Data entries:
= Beginning of Section =
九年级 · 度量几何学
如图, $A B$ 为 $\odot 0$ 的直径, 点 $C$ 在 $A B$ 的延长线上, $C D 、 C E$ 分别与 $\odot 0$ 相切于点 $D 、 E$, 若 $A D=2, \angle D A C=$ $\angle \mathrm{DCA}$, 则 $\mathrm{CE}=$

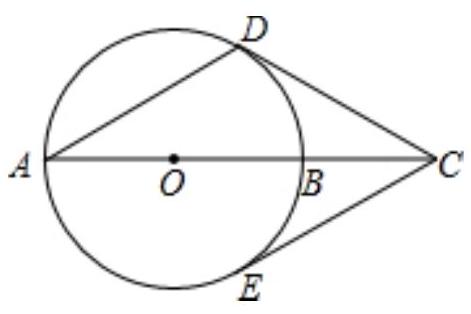
答案: 【分析】有条件可得 $\mathrm{AD}=\mathrm{CD}$, 再有切线长定理可得: $\mathrm{CD}=\mathrm{CE}$, 所以 $\mathrm{AD}=\mathrm{CE}$, 问题的解.解: $\because \mathrm{CD} 、 \mathrm{CE}$ 分别与 $\odot 0$ 相切于点 $\mathrm{D} 、 \mathrm{E}$,

$\therefore \mathrm{CD}=\mathrm{CE}$,

$\because \angle \mathrm{DAC}=\angle \mathrm{DCA}$,

$\therefore \mathrm{AD}=\mathrm{CD}$,

$\therefore \mathrm{AD}=\mathrm{CE}$,

$\because \mathrm{AD}=2$,

$\therefore \mathrm{CE}=2$.

故答案为: 2 .
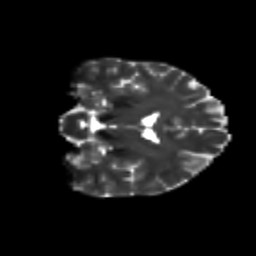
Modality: T2w
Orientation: coronal
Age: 43
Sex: male
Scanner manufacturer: siemens
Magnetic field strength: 3 T
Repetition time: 8.6 s
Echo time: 0.095 s
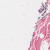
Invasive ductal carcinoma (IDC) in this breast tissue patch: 0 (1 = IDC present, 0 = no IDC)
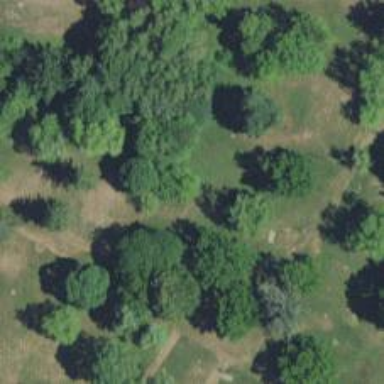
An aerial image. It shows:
= End of Section =
Leaving all pictures aside, print exactly the lines from the one that contains "Orientation: coronal" through the last line of the data above, inclusive.

Orientation: coronal
Age: 43
Sex: male
Scanner manufacturer: siemens
Magnetic field strength: 3 T
Repetition time: 8.6 s
Echo time: 0.095 s
Invasive ductal carcinoma (IDC) in this breast tissue patch: 0 (1 = IDC present, 0 = no IDC)
An aerial image. It shows:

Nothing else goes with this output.